> **Records shown**:
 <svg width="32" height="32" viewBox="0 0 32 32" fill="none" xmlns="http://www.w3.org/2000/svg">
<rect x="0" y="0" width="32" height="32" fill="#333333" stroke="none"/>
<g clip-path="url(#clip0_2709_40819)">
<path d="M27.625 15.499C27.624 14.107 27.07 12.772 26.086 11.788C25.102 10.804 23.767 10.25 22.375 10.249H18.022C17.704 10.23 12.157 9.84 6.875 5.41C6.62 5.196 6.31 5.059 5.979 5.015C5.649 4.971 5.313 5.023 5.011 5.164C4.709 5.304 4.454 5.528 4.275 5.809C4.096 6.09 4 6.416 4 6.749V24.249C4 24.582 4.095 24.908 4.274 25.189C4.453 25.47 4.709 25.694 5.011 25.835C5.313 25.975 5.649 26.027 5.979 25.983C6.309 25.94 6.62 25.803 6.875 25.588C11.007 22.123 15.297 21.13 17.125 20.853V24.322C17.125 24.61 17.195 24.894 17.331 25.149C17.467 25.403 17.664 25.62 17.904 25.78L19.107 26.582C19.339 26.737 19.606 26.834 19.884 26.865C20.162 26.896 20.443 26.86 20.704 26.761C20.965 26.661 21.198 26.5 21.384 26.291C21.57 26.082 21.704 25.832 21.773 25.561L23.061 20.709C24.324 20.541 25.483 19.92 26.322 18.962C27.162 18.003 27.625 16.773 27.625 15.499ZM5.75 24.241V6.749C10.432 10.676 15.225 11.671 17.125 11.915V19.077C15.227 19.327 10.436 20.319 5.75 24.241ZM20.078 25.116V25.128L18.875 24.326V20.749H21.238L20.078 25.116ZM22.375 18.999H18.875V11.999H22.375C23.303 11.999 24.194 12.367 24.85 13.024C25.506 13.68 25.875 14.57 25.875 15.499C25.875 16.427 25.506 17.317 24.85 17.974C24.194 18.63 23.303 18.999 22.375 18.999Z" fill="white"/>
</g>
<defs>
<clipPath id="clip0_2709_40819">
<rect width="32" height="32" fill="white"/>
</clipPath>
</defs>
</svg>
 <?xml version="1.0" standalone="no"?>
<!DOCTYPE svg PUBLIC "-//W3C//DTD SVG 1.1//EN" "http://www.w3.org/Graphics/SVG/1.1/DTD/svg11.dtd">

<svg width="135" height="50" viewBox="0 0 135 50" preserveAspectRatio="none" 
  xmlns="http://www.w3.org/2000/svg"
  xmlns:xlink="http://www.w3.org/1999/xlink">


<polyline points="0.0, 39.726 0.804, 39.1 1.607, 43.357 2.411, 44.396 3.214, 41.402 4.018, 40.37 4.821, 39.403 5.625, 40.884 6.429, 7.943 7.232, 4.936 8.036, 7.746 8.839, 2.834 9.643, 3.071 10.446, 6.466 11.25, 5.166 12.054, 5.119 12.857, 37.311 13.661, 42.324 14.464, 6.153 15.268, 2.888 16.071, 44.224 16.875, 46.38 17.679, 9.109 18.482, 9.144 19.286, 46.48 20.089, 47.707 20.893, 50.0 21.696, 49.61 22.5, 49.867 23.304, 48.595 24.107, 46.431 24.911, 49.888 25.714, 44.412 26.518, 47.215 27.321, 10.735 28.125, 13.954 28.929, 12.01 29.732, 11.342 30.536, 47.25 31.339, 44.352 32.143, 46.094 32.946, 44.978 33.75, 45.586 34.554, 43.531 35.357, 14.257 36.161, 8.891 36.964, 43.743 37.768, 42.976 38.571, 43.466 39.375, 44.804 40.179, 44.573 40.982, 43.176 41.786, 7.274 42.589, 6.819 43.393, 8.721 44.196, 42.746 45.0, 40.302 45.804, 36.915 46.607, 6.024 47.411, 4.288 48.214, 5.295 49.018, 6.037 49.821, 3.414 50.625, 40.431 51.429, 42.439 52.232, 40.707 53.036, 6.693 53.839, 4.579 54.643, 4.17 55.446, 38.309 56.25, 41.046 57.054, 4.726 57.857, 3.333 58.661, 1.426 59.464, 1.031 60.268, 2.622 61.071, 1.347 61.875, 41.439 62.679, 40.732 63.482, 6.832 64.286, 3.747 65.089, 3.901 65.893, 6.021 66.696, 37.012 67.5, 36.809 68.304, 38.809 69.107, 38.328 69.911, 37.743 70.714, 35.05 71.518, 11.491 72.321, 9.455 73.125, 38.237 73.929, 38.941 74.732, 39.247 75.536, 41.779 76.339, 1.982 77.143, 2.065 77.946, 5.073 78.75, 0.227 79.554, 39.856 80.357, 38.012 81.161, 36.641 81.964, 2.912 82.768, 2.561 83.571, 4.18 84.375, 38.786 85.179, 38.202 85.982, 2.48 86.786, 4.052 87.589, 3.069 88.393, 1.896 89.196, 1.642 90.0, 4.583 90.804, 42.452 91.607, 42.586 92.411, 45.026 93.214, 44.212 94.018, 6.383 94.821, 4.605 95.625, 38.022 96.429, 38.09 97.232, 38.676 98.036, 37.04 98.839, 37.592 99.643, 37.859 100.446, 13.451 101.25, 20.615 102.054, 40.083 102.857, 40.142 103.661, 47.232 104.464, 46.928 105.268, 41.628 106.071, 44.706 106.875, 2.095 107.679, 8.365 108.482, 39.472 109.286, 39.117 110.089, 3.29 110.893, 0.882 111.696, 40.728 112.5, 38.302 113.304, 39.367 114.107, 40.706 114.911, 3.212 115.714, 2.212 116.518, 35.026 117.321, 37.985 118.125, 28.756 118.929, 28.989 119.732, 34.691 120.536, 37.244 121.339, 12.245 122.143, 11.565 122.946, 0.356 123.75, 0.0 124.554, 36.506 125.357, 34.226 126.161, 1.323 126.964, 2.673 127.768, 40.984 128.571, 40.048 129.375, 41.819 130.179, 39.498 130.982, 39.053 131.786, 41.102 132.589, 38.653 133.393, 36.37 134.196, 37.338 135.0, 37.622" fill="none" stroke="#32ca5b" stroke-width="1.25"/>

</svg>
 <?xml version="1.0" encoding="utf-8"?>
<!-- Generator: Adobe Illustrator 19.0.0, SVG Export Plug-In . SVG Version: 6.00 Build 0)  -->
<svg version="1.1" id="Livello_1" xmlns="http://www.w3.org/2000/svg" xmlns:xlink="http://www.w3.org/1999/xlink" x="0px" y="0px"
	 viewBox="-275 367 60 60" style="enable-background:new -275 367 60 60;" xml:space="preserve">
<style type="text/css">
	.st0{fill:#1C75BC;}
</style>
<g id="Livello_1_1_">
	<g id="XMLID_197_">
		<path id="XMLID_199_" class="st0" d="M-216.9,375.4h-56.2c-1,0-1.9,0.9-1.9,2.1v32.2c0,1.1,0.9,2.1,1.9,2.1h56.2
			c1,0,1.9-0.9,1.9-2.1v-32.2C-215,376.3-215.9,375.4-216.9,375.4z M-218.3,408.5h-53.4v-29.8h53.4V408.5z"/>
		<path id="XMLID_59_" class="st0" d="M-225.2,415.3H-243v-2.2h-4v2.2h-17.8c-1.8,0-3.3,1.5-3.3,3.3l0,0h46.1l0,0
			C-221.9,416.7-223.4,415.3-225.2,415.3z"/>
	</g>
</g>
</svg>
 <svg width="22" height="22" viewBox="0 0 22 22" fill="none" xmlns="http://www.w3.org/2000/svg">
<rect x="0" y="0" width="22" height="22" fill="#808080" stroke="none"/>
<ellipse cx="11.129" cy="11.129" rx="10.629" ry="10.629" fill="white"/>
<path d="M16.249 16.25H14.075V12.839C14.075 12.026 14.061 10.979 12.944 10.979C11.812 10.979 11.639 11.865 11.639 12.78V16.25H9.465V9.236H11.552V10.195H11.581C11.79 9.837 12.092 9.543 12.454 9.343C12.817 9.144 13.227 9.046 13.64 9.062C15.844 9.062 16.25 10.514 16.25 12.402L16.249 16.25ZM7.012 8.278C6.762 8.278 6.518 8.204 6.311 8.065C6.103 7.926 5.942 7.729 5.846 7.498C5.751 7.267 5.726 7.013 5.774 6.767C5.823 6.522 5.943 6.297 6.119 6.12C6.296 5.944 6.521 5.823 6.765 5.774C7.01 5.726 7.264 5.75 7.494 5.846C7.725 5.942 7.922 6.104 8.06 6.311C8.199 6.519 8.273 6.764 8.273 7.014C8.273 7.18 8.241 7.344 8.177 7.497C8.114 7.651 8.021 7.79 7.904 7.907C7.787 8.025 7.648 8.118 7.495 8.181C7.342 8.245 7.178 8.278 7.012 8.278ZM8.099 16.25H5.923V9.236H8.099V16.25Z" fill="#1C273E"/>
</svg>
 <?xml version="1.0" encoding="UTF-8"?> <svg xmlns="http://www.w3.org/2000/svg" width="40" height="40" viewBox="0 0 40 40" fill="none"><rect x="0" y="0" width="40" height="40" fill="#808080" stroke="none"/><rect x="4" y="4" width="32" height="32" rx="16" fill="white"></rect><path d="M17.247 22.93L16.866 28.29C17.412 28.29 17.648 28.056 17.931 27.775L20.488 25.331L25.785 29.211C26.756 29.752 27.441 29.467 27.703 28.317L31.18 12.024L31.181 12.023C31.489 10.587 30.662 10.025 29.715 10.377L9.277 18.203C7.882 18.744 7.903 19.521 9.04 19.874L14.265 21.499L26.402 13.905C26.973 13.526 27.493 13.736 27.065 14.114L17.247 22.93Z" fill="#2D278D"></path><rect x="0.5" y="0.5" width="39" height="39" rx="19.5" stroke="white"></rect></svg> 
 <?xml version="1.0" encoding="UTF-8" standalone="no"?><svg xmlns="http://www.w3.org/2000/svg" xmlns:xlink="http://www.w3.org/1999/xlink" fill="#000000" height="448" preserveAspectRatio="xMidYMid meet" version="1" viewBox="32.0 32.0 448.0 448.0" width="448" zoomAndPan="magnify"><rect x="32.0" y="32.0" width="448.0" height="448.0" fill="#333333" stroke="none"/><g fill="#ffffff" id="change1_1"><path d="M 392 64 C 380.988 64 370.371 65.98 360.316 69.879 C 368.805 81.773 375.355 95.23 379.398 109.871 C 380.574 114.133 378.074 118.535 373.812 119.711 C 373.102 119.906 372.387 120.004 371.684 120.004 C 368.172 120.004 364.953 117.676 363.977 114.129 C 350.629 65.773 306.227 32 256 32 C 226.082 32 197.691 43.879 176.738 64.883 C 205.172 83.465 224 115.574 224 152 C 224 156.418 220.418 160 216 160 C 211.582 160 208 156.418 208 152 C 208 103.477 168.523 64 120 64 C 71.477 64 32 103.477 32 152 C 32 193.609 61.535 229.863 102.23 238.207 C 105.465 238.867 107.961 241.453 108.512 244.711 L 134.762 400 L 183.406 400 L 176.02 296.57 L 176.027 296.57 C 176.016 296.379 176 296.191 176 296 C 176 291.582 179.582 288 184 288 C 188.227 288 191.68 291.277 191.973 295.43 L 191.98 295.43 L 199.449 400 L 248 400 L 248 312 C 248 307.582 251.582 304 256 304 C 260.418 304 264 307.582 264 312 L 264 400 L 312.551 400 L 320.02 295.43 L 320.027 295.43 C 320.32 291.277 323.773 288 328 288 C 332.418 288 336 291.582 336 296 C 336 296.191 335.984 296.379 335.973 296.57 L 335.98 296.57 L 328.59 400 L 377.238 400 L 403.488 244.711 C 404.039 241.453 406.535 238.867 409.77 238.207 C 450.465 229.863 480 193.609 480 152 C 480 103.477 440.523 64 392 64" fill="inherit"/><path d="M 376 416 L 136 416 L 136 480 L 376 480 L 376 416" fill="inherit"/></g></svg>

> **How to complete this task**:
Show all lines above that contain "clipPath".

> **Answer section**:
<clipPath id="clip0_2709_40819">
</clipPath>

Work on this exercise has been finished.